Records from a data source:
★ ★ ★

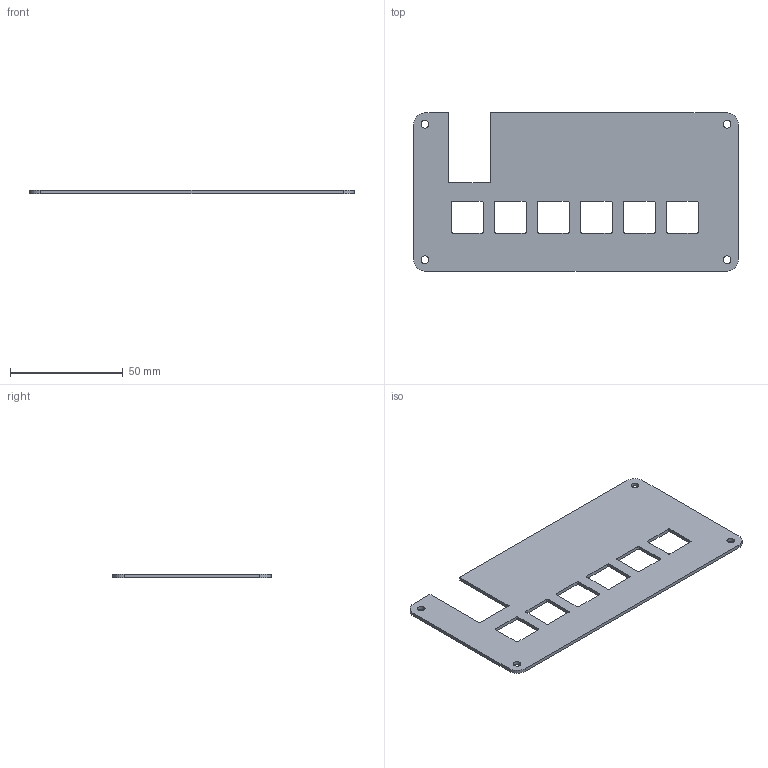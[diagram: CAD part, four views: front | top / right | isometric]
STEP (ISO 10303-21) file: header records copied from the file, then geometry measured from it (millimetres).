
FILE_DESCRIPTION(/* description */ (''),/* implementation_level */ '2;1');
FILE_NAME(/* name */ 'TOP.step',/* time_stamp */ '2025-06-27T10:42:22-04:00',/* author */ (''),/* organization */ (''),/* preprocessor_version */ 'ST-DEVELOPER v20.1',/* originating_system */ 'Autodesk Translation Framework v14.10.0.0',/* authorisation */ '');
FILE_SCHEMA (('AUTOMOTIVE_DESIGN { 1 0 10303 214 3 1 1 }'));
Length unit declared in the file: millimetre
Products named in the file (1): 2025-06-27-10-42-22-251
Bounding box: 143.84 x 70.01 x 1.5 mm (x, y, z)
Volume: 12395 mm3; surface area: 17808.7 mm2
Topology: 1 solids, 1 shells, 66 faces, 192 edges, 128 vertices
Faces by surface type: plane 34, cylinder 32
Full cylindrical faces by diameter (mm): 3.4 x4
Entity records: 2273 total; most frequent: DIRECTION 390, CARTESIAN_POINT 387, ORIENTED_EDGE 384, EDGE_CURVE 192, AXIS2_PLACEMENT_3D 131, LINE 128, VECTOR 128, VERTEX_POINT 128
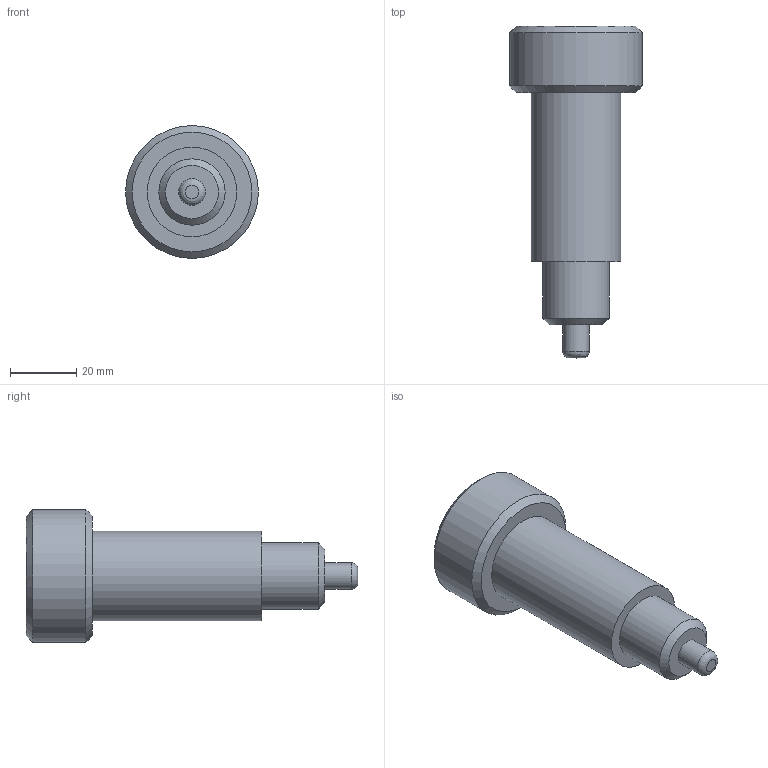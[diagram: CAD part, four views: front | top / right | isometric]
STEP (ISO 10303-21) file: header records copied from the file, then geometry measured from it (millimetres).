
FILE_DESCRIPTION(/* description */ ('Pino de Indexar PW','CAx-IF Rec.Pracs.---Representation and Presentation of Product Manufacturing Information (PMI)---4.0---2014-10-13'),/* implementation_level */ '2;1');
FILE_NAME(/* name */ '',/* time_stamp */ '2025-10-01T12:47:26-04:00',/* author */ ('wandr'),/* organization */ ('ELGIN'),/* preprocessor_version */ 'ST-DEVELOPER v20.1',/* originating_system */ 'Autodesk Inventor 2026',/* authorisation */ '');
FILE_SCHEMA (('AP242_MANAGED_MODEL_BASED_3D_ENGINEERING_MIM_LF { 1 0 10303 442 2 1 4 }'));
Length unit declared in the file: millimetre
Products named in the file (1): MD09-00-016
Bounding box: 40 x 100 x 40 mm (x, y, z)
Volume: 60182.2 mm3; surface area: 10390.6 mm2
Topology: 1 solids, 1 shells, 13 faces, 24 edges, 16 vertices
Faces by surface type: plane 5, cylinder 4, cone 3, bspline 1
Full cylindrical faces by diameter (mm): 8 x1, 20 x1, 27 x1, 40 x1
Entity records: 572 total; most frequent: CARTESIAN_POINT 120, DIRECTION 99, ORIENTED_EDGE 48, AXIS2_PLACEMENT_3D 46, EDGE_CURVE 24, CIRCLE 17, EDGE_LOOP 16, VERTEX_POINT 16
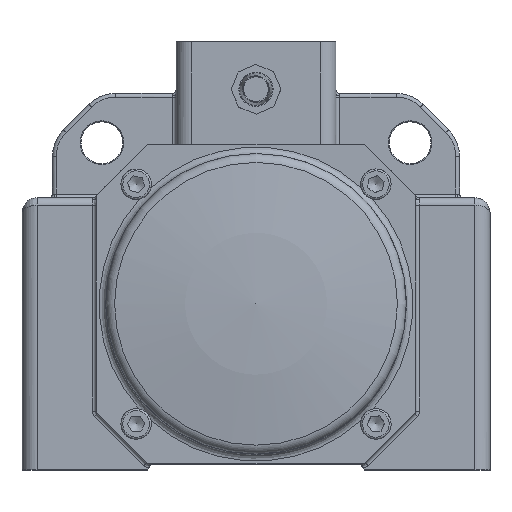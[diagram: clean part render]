
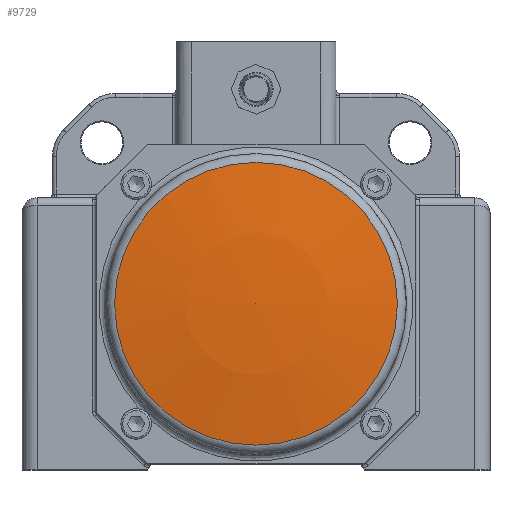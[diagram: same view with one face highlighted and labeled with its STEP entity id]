
A CAD part, top view. The second image highlights one B-rep face of the part: STEP entity #9729.
In plain terms, the highlighted spherical face has radius 502 mm.
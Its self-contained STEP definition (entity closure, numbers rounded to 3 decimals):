
#9706=CARTESIAN_POINT('',(0.,-74.314,107.469));
#9707=VERTEX_POINT('',#9706);
#9708=CARTESIAN_POINT('',(0.,0.,107.469));
#9709=DIRECTION('',(0.0,0.0,-1.0));
#9710=DIRECTION('',(0.0,1.0,0.0));
#9711=AXIS2_PLACEMENT_3D('',#9708,#9709,#9710);
#9712=CIRCLE('',#9711,74.314);
#9713=EDGE_CURVE('',#9707,#9707,#9712,.T.);
#9721=CARTESIAN_POINT('',(0.,0.,-389.));
#9722=DIRECTION('',(0.0,0.0,1.0));
#9723=DIRECTION('',(1.0,0.0,0.0));
#9724=AXIS2_PLACEMENT_3D('',#9721,#9722,#9723);
#9725=SPHERICAL_SURFACE('',#9724,502.);
#9726=ORIENTED_EDGE('',*,*,#9713,.F.);
#9727=EDGE_LOOP('',(#9726));
#9728=FACE_OUTER_BOUND('',#9727,.T.);
#9729=ADVANCED_FACE('',(#9728),#9725,.T.);
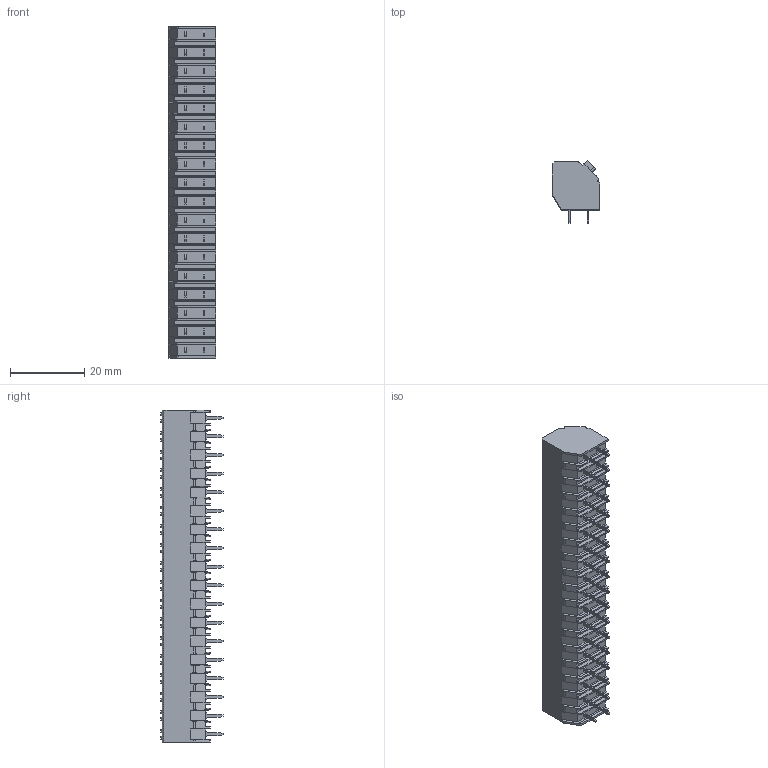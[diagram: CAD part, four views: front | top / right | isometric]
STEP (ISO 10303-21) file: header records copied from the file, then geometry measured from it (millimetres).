
FILE_DESCRIPTION((''),'2;1');
FILE_NAME('TLM-004AT-5_00-XXP-X','2024-09-29T',('sj'),(''),'PRO/ENGINEER BY PARAMETRIC TECHNOLOGY CORPORATION, 2015240','PRO/ENGINEER BY PARAMETRIC TECHNOLOGY CORPORATION, 2015240','');
FILE_SCHEMA(('CONFIG_CONTROL_DESIGN','SHAPE_APPEARANCE_LAYERS_GROUPS'));
Length unit declared in the file: millimetre
Products named in the file (1): TLM-004AT-5_00-XXP-X
Bounding box: 12.7 x 16.72 x 89.2 mm (x, y, z)
Volume: 11681.7 mm3; surface area: 7450.8 mm2
Topology: 1 solids, 1 shells, 1677 faces, 4685 edges, 3100 vertices
Faces by surface type: plane 1513, cylinder 164
Entity records: 53231 total; most frequent: CARTESIAN_POINT 10148, ORIENTED_EDGE 9370, DIRECTION 8151, EDGE_CURVE 4685, VECTOR 4141, LINE 4141, VERTEX_POINT 3100, AXIS2_PLACEMENT_3D 2005
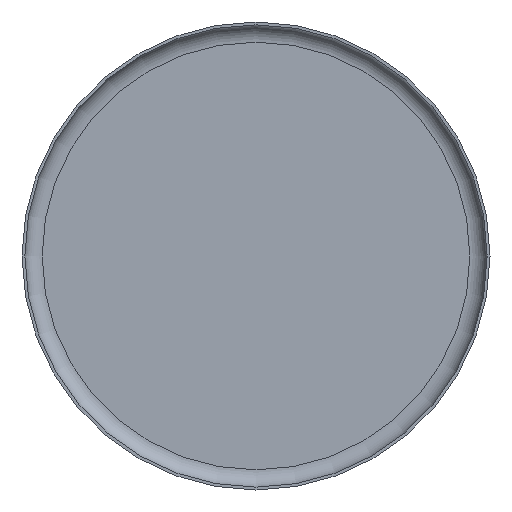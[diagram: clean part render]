
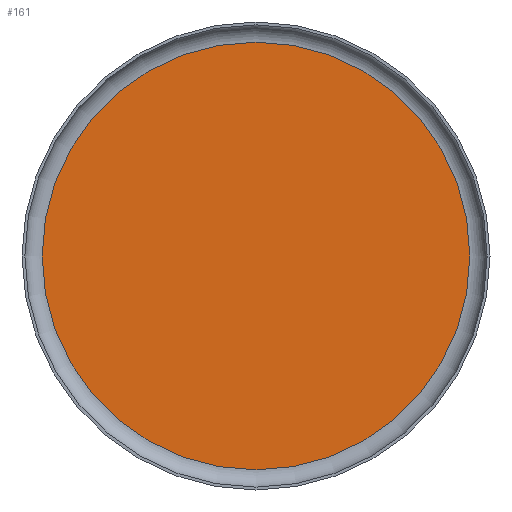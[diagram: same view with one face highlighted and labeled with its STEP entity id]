
A CAD part, front view. The second image highlights one B-rep face of the part: STEP entity #161.
In plain terms, the highlighted planar face has unit normal (0, -1, 0).
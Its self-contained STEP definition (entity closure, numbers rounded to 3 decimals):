
#145=CARTESIAN_POINT('',(18.563,37.5,0.0));
#146=DIRECTION('',(0.0,1.0,0.0));
#147=DIRECTION('',(0.0,0.0,1.0));
#148=AXIS2_PLACEMENT_3D('',#145,#146,#147);
#149=PLANE('',#148);
#150=CARTESIAN_POINT('',(37.125,37.5,0.0));
#151=VERTEX_POINT('',#150);
#152=CARTESIAN_POINT('',(0.0,37.5,0.0));
#153=DIRECTION('',(0.0,-1.0,0.0));
#154=DIRECTION('',(1.0,0.0,0.0));
#155=AXIS2_PLACEMENT_3D('',#152,#153,#154);
#156=CIRCLE('',#155,37.125);
#157=EDGE_CURVE('',#151,#151,#156,.T.);
#158=ORIENTED_EDGE('',*,*,#157,.T.);
#159=EDGE_LOOP('',(#158));
#160=FACE_OUTER_BOUND('',#159,.T.);
#161=ADVANCED_FACE('',(#160),#149,.F.);

★ ★ ★

(What the task asks): Write out the records above in full and exactly, with no pictures.

(Task answer):
[diagram: CAD part, four views: front | top / right | isometric]
STEP (ISO 10303-21) file: header records copied from the file, then geometry measured from it (millimetres).
FILE_DESCRIPTION(/* description */ (''),/* implementation_level */ '2;1');
FILE_NAME(/* name */ 'TOP.step',/* time_stamp */ '2025-06-27T10:42:22-04:00',/* author */ (''),/* organization */ (''),/* preprocessor_version */ 'ST-DEVELOPER v20.1',/* originating_system */ 'Autodesk Translation Framework v14.10.0.0',/* authorisation */ '');
FILE_SCHEMA (('AUTOMOTIVE_DESIGN { 1 0 10303 214 3 1 1 }'));
Length unit declared in the file: millimetre
Products named in the file (1): 2025-06-27-10-42-22-251
Bounding box: 143.84 x 70.01 x 1.5 mm (x, y, z)
Volume: 12395 mm3; surface area: 17808.7 mm2
Topology: 1 solids, 1 shells, 66 faces, 192 edges, 128 vertices
Faces by surface type: plane 34, cylinder 32
Full cylindrical faces by diameter (mm): 3.4 x4
Entity records: 2273 total; most frequent: DIRECTION 390, CARTESIAN_POINT 387, ORIENTED_EDGE 384, EDGE_CURVE 192, AXIS2_PLACEMENT_3D 131, LINE 128, VECTOR 128, VERTEX_POINT 128
[diagram: CAD part, four views: front | top / right | isometric]
STEP (ISO 10303-21) file: header records copied from the file, then geometry measured from it (millimetres).
FILE_DESCRIPTION(/* description */ ('Pino de Indexar PW','CAx-IF Rec.Pracs.---Representation and Presentation of Product Manufacturing Information (PMI)---4.0---2014-10-13'),/* implementation_level */ '2;1');
FILE_NAME(/* name */ '',/* time_stamp */ '2025-10-01T12:47:26-04:00',/* author */ ('wandr'),/* organization */ ('ELGIN'),/* preprocessor_version */ 'ST-DEVELOPER v20.1',/* originating_system */ 'Autodesk Inventor 2026',/* authorisation */ '');
FILE_SCHEMA (('AP242_MANAGED_MODEL_BASED_3D_ENGINEERING_MIM_LF { 1 0 10303 442 2 1 4 }'));
Length unit declared in the file: millimetre
Products named in the file (1): MD09-00-016
Bounding box: 40 x 100 x 40 mm (x, y, z)
Volume: 60182.2 mm3; surface area: 10390.6 mm2
Topology: 1 solids, 1 shells, 13 faces, 24 edges, 16 vertices
Faces by surface type: plane 5, cylinder 4, cone 3, bspline 1
Full cylindrical faces by diameter (mm): 8 x1, 20 x1, 27 x1, 40 x1
Entity records: 572 total; most frequent: CARTESIAN_POINT 120, DIRECTION 99, ORIENTED_EDGE 48, AXIS2_PLACEMENT_3D 46, EDGE_CURVE 24, CIRCLE 17, EDGE_LOOP 16, VERTEX_POINT 16
[diagram: clean part render]
[diagram: same view with one face highlighted and labeled with its STEP entity id]
A CAD part, top view. The second image highlights one B-rep face of the part: STEP entity #9729.
In plain terms, the highlighted spherical face has radius 502 mm.
Its self-contained STEP definition (entity closure, numbers rounded to 3 decimals):
#9706=CARTESIAN_POINT('',(0.,-74.314,107.469));
#9707=VERTEX_POINT('',#9706);
#9708=CARTESIAN_POINT('',(0.,0.,107.469));
#9709=DIRECTION('',(0.0,0.0,-1.0));
#9710=DIRECTION('',(0.0,1.0,0.0));
#9711=AXIS2_PLACEMENT_3D('',#9708,#9709,#9710);
#9712=CIRCLE('',#9711,74.314);
#9713=EDGE_CURVE('',#9707,#9707,#9712,.T.);
#9721=CARTESIAN_POINT('',(0.,0.,-389.));
#9722=DIRECTION('',(0.0,0.0,1.0));
#9723=DIRECTION('',(1.0,0.0,0.0));
#9724=AXIS2_PLACEMENT_3D('',#9721,#9722,#9723);
#9725=SPHERICAL_SURFACE('',#9724,502.);
#9726=ORIENTED_EDGE('',*,*,#9713,.F.);
#9727=EDGE_LOOP('',(#9726));
#9728=FACE_OUTER_BOUND('',#9727,.T.);
#9729=ADVANCED_FACE('',(#9728),#9725,.T.);
[diagram: CAD part, four views: front | top / right | isometric]
STEP (ISO 10303-21) file: header records copied from the file, then geometry measured from it (millimetres).
FILE_DESCRIPTION((''),'2;1');
FILE_NAME('TLM-004AT-5_00-XXP-X','2024-09-29T',('sj'),(''),'PRO/ENGINEER BY PARAMETRIC TECHNOLOGY CORPORATION, 2015240','PRO/ENGINEER BY PARAMETRIC TECHNOLOGY CORPORATION, 2015240','');
FILE_SCHEMA(('CONFIG_CONTROL_DESIGN','SHAPE_APPEARANCE_LAYERS_GROUPS'));
Length unit declared in the file: millimetre
Products named in the file (1): TLM-004AT-5_00-XXP-X
Bounding box: 12.7 x 16.72 x 89.2 mm (x, y, z)
Volume: 11681.7 mm3; surface area: 7450.8 mm2
Topology: 1 solids, 1 shells, 1677 faces, 4685 edges, 3100 vertices
Faces by surface type: plane 1513, cylinder 164
Entity records: 53231 total; most frequent: CARTESIAN_POINT 10148, ORIENTED_EDGE 9370, DIRECTION 8151, EDGE_CURVE 4685, VECTOR 4141, LINE 4141, VERTEX_POINT 3100, AXIS2_PLACEMENT_3D 2005
[diagram: clean part render]
[diagram: same view with one face highlighted and labeled with its STEP entity id]
A CAD part, front view. The second image highlights one B-rep face of the part: STEP entity #161.
In plain terms, the highlighted planar face has unit normal (0, -1, 0).
Its self-contained STEP definition (entity closure, numbers rounded to 3 decimals):
#145=CARTESIAN_POINT('',(18.563,37.5,0.0));
#146=DIRECTION('',(0.0,1.0,0.0));
#147=DIRECTION('',(0.0,0.0,1.0));
#148=AXIS2_PLACEMENT_3D('',#145,#146,#147);
#149=PLANE('',#148);
#150=CARTESIAN_POINT('',(37.125,37.5,0.0));
#151=VERTEX_POINT('',#150);
#152=CARTESIAN_POINT('',(0.0,37.5,0.0));
#153=DIRECTION('',(0.0,-1.0,0.0));
#154=DIRECTION('',(1.0,0.0,0.0));
#155=AXIS2_PLACEMENT_3D('',#152,#153,#154);
#156=CIRCLE('',#155,37.125);
#157=EDGE_CURVE('',#151,#151,#156,.T.);
#158=ORIENTED_EDGE('',*,*,#157,.T.);
#159=EDGE_LOOP('',(#158));
#160=FACE_OUTER_BOUND('',#159,.T.);
#161=ADVANCED_FACE('',(#160),#149,.F.);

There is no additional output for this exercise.